The Rockets sputtered in the fourth, looking confused, the pace having been noticeably bogged down, and shots stopped falling.  After a sterling first half, guard Kevin Martin retreated into his shell with the rest of his mates unable to compensate.  Laker guards Steve Blake and Shannon Brown forgot who they were, pouring in what seemed like ten 3’s apiece, putting the game firmly out of reach.  The Rockets made a valiant push off the efforts of Luis Scola–even taking the lead in the last minute–before finally succumbing.  Aaron Brooks, in a horrifically overplayed rerun, missed a potentially game tying lay-in under the hoop, and that was all she wrote.

  • You’re wondering about Yao: we’ll get there, in due time my friend.  First, the implications of this game.  It validated the sentiment that this team can run with the big boys.  I feel more confident than ever, after last night’s performance, that this is one of the best teams in the Western Conference, when healthy.  The Rockets, with their embarrassingly impressive depth are really tailor-made for the brutal 82-game marathon.  I see the team being able to wear opponents out with waves of effort and talent.  They’ll defend, rebound, push the ball, and drain 3’s in transition.  In the half-court, they’ll look to Yao or set up through Brad Miller.  This is a formula that will work and can net 50 wins – there’s really no doubt.

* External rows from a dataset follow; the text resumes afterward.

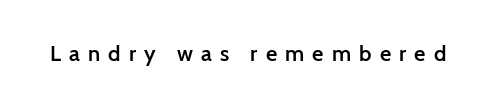
Q: Is the text bold? A: Semi-bold.
Q: Is the text italic (slanted)? A: No, it is upright.
Q: Is the text underlined? A: No.
Q: Is the spacing between letters normal or unusually wide? A: Unusually wide.
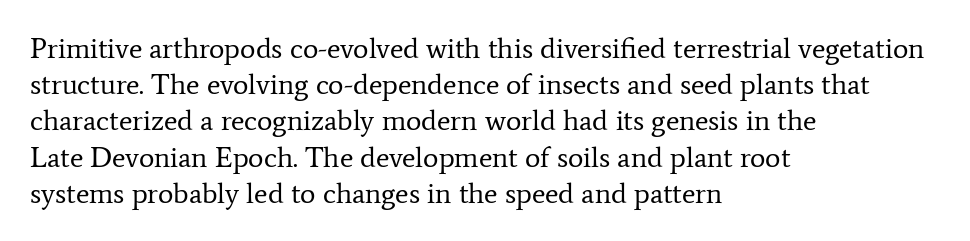
The space between consecutive lines is moderate. Tall strokes in this sample are plumb rather than angled. The letters sit at their default tracking, neither squeezed nor spread. Old-style or modern, the face here clearly has serifs. Every row of glyphs begins at an identical x-position on the left.
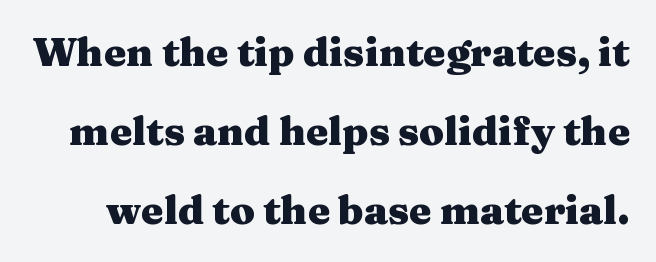
The image shows 40 px heavy, wide serif type, upright; set loose line spacing (1.98x), normal letter spacing, not underlined; medium stroke contrast and a medium x-height.
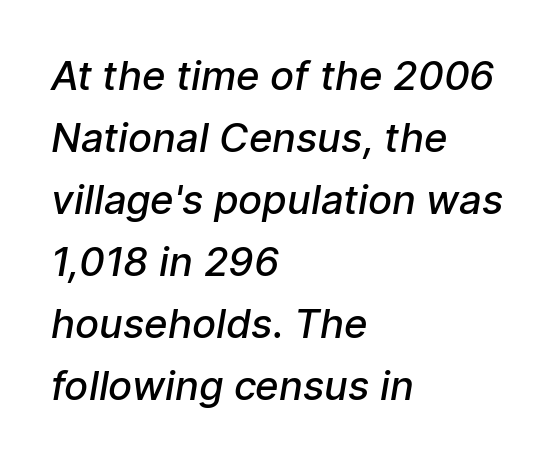
Q: Is the text bold? A: Semi-bold.
Q: Is the typeface a serif or a sans-serif typeface? A: Sans-serif.
Q: Is the text underlined? A: No.
Q: How is the paragraph aligned? A: Left-aligned.
Q: Is the spacing between letters normal or unusually wide? A: Normal.
Q: Is the spacing between lines tight, normal or loose? A: Normal.
Q: Width (condensed, normal, or wide)? A: Normal.
Q: Stroke contrast? A: Low.
Q: x-height? A: Medium.
Q: Monospaced? A: No.
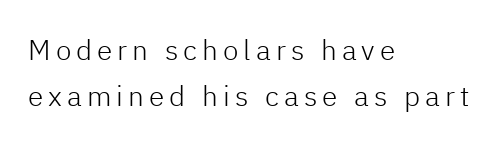
Q: Is the text bold? A: No.
Q: Is the text italic (slanted)? A: No, it is upright.
Q: Is the typeface a serif or a sans-serif typeface? A: Sans-serif.
Q: Is the text underlined? A: No.
Q: How is the paragraph aligned? A: Left-aligned.
Q: Is the spacing between lines tight, normal or loose? A: Normal.
Q: Width (condensed, normal, or wide)? A: Normal.
Q: Stroke contrast? A: Low.
Q: x-height? A: Medium.
Q: Monospaced? A: No.
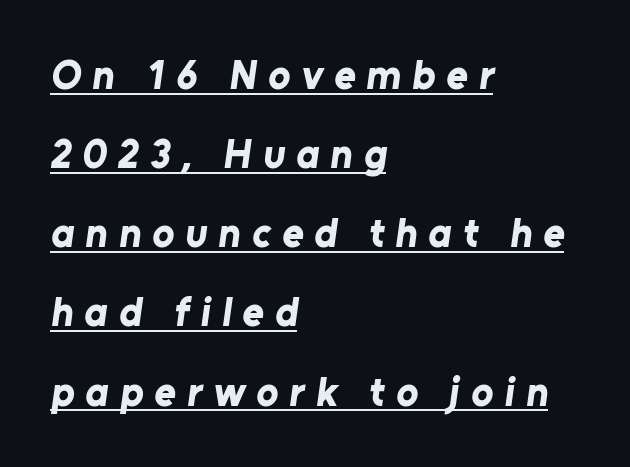
Where is the straight margin? On the left. The glyphs in this specimen are sans serif. The glyphs have the mass of a bold cut. Short note: letters widely spaced. A typographer would call this underscored text. Think of a printed novel: that variable character pitch is what you see here.
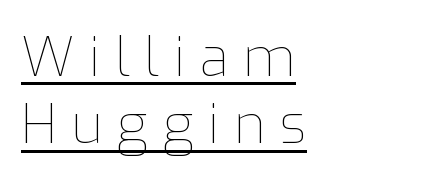
Typeset ragged right — the left edge is the straight one. The typesetter has applied underlining to the passage shown. Tall strokes in this sample are plumb rather than angled. Think of a printed novel: that variable character pitch is what you see here. The letterforms stand isolated, each surrounded by extra space. Normally led — the rows are evenly, conventionally spaced.
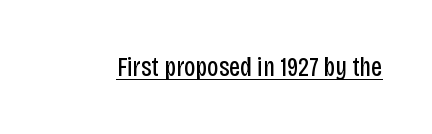
Q: Is the text bold? A: No.
Q: Is the text italic (slanted)? A: No, it is upright.
Q: Is the text underlined? A: Yes.
Q: Is the spacing between letters normal or unusually wide? A: Normal.
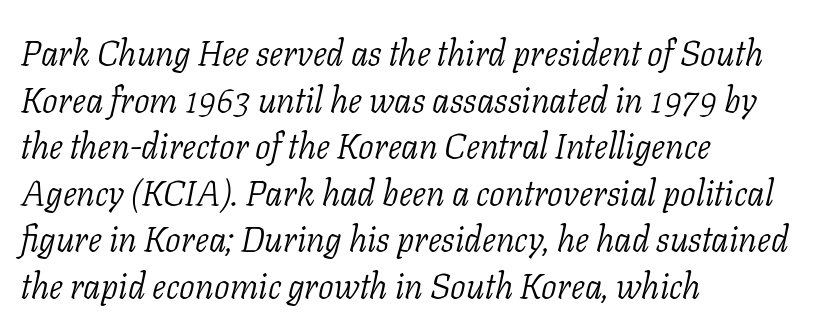
{"serif": "yes", "italic": "yes", "lean": "right", "slant_degrees": 11, "bold": "no", "weight": "light", "width": "normal", "stroke_contrast": "low", "x_height": "medium", "monospaced": "no", "underline": "no", "align": "left", "line_spacing": "normal", "line_spacing_ratio": 1.33, "letter_spacing": "normal", "letter_spacing_em": 0.0, "glyph_px": 35}
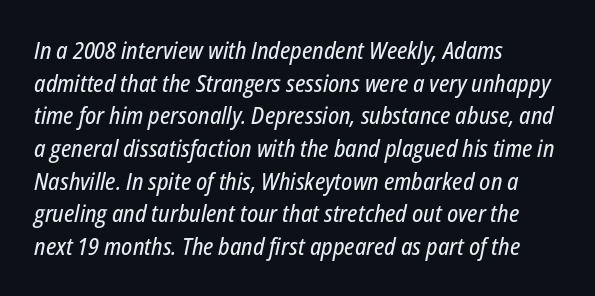
{"italic": "yes", "lean": "right", "slant_degrees": 12, "underline": "no", "align": "left", "line_spacing": "normal", "line_spacing_ratio": 1.42, "letter_spacing": "normal", "letter_spacing_em": 0.0, "glyph_px": 23}
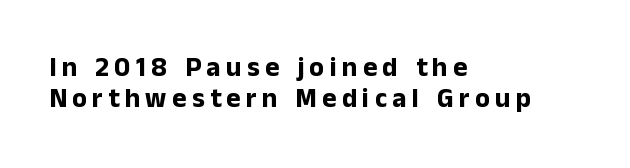
{"italic": "no", "bold": "yes", "underline": "no", "align": "left", "line_spacing": "tight", "line_spacing_ratio": 1.14, "letter_spacing": "wide", "letter_spacing_em": 0.2, "glyph_px": 27}
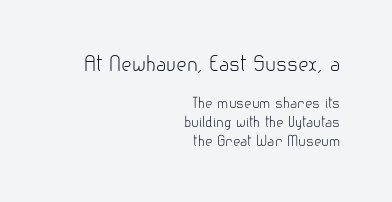
Evenly set lines give the paragraph a standard silhouette. No chunkiness to these letters — they're not bold. In terms of posture, this sample is upright. Compared with typical body copy, the letter spacing here is the same. The compositor pushed each line to the right boundary. Of the two passages, the one on top uses the larger point size.
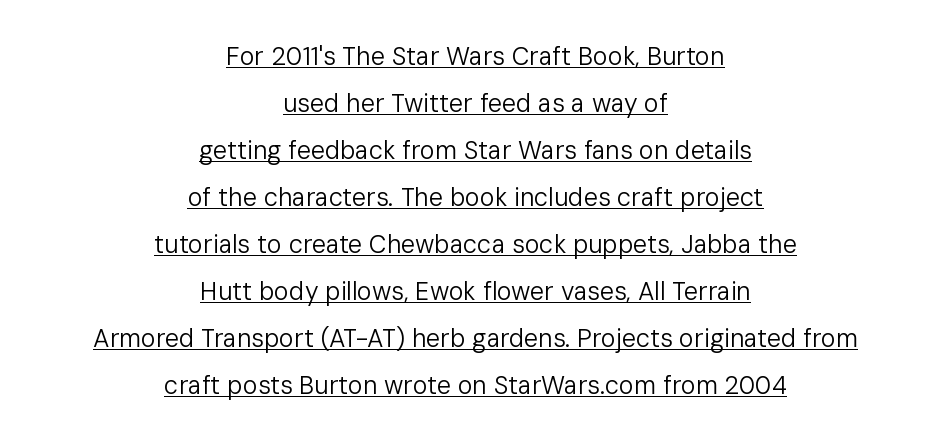
Q: Is the text bold? A: No.
Q: Is the text italic (slanted)? A: No, it is upright.
Q: Is the text underlined? A: Yes.
Q: How is the paragraph aligned? A: Centered.
Q: Is the spacing between letters normal or unusually wide? A: Normal.
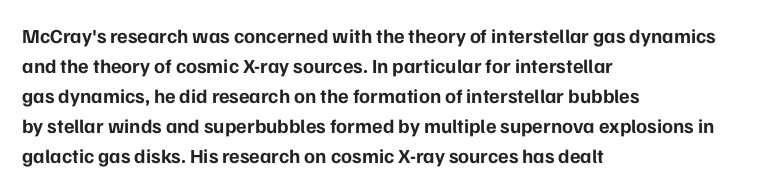
Q: Is the text bold? A: Yes.
Q: Is the text italic (slanted)? A: No, it is upright.
Q: Is the text underlined? A: No.
Q: How is the paragraph aligned? A: Left-aligned.
Q: Is the spacing between letters normal or unusually wide? A: Normal.
Q: Is the spacing between lines tight, normal or loose? A: Normal.
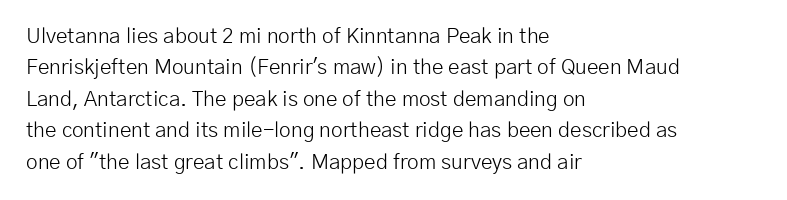
Q: Is the text bold? A: No.
Q: Is the text italic (slanted)? A: No, it is upright.
Q: Is the text underlined? A: No.
Q: How is the paragraph aligned? A: Left-aligned.
Q: Is the spacing between letters normal or unusually wide? A: Normal.
Q: Is the spacing between lines tight, normal or loose? A: Normal.
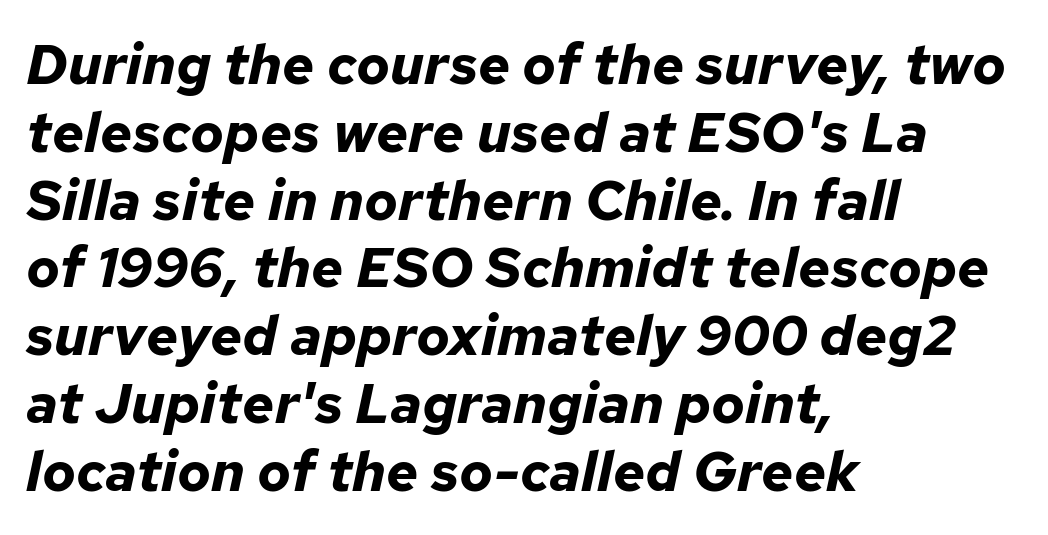
{"italic": "yes", "lean": "right", "slant_degrees": 12, "bold": "yes", "weight": "bold", "width": "normal", "stroke_contrast": "low", "x_height": "medium", "monospaced": "no", "underline": "no", "align": "left", "line_spacing_ratio": 1.21, "letter_spacing": "normal", "letter_spacing_em": 0.0, "glyph_px": 56}
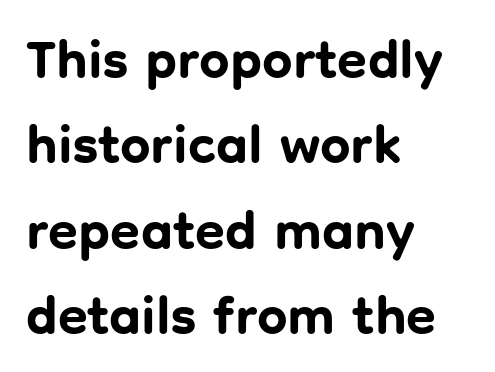
{"serif": "no", "italic": "no", "bold": "yes", "weight": "bold", "width": "normal", "stroke_contrast": "low", "x_height": "medium", "monospaced": "no", "underline": "no", "align": "left", "line_spacing": "normal", "line_spacing_ratio": 1.58, "letter_spacing": "normal", "letter_spacing_em": 0.0, "glyph_px": 54}
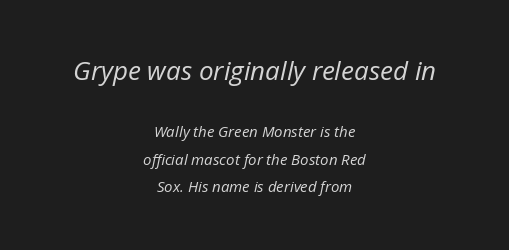
Q: Is the text bold? A: No.
Q: Is the text italic (slanted)? A: Yes, it leans right by about 12 degrees.
Q: Is the text underlined? A: No.
Q: How is the paragraph aligned? A: Centered.
Q: Is the spacing between letters normal or unusually wide? A: Normal.
Q: Which block of text is set in a larger size, the first (top) or the second (bottom)? A: The first (top) one.
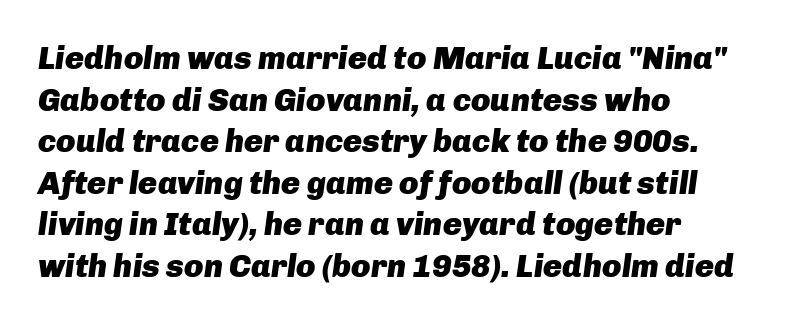
The image shows 32 px heavy type, italic (leaning right); set left-aligned, normal line spacing (1.3x), normal letter spacing, not underlined; low stroke contrast and a medium x-height.
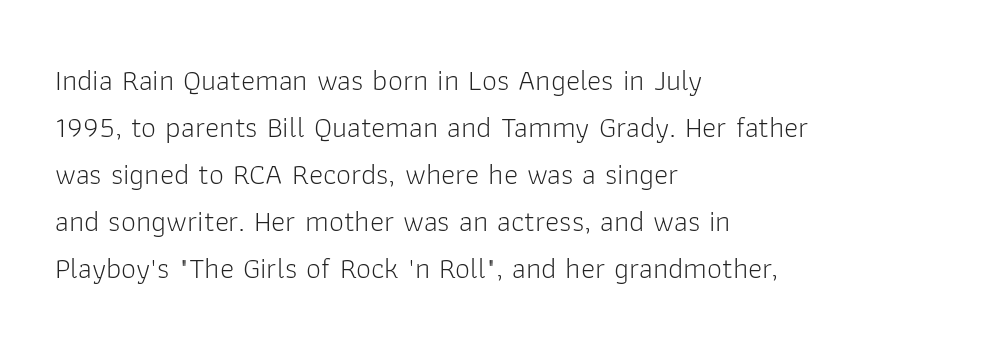
The image shows 30 px light sans-serif type, upright; set left-aligned, normal line spacing (1.57x), normal letter spacing, not underlined; low stroke contrast and a medium x-height.
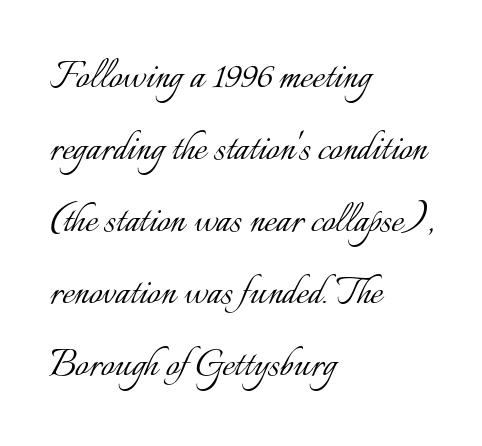
The baseline area is clear. Varying glyph widths throughout — classic text-font behaviour. These lines keep a tight, regular rhythm from letter to letter. Caption: face not bold, strokes unweighted. This rendering uses left alignment, leaving the right contour irregular. Is there much room between lines? A standard amount, neither cramped nor airy.
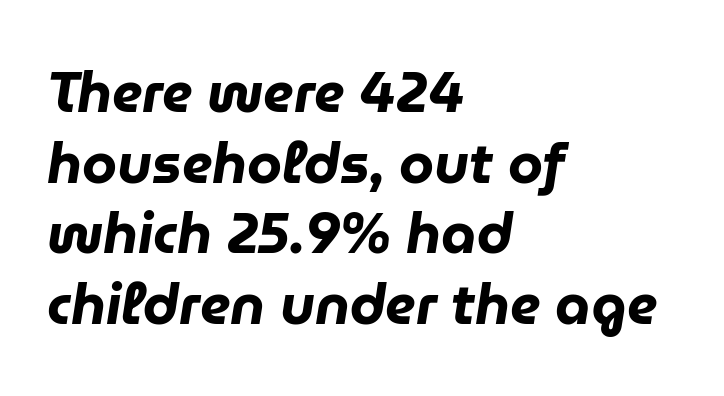
The image shows 56 px heavy type, italic (leaning right); set left-aligned, normal line spacing (1.26x), normal letter spacing, not underlined; low stroke contrast and a medium x-height.

  • The concern of course, as it has been, is that this team freezes when the pressure mounts.  When the game was first getting out of reach, the Rockets could not score, validating my fears regarding their ceiling.  While they did mount a furious comeback off the strength of some Scola trickery, I do not see this changing without some personnel upgrade.
  • All in all, the Rockets lost by just two without the man who I called their most impactful player last season (Lowry) to the defending champs, on the road.  There’s a lot to feel good about there, even if it may take tonight to cleanse the bitter taste.
  • Yao – I was very impressed by the giant.  While he scored just nine points, he changed the dynamic of this team (from last year) and that’s all he really needs to do.  Gone are the days when Yao should be needed to score 20 for the team to have a chance; he just needs to be a presence.  In a recent interview, I was asked of the expectations on Yao. My reply was that he simply needs to ‘be big.’  That’s all he needs to do.  Fill the middle and be a presence.  To that end, last night was a success.  “The large man” (copyright Jacob Mustafa, Red94) challenged shots and took up space defensively while serving as an ‘eye of the storm’ at the other end, giving the team a reference point they hadn’t had last season through which to revolve their offense.  Very promising outing from Yao and I left feeling very confident about his new role and his ability to fit in with this cast.  He also didn’t fall down any times, by my count.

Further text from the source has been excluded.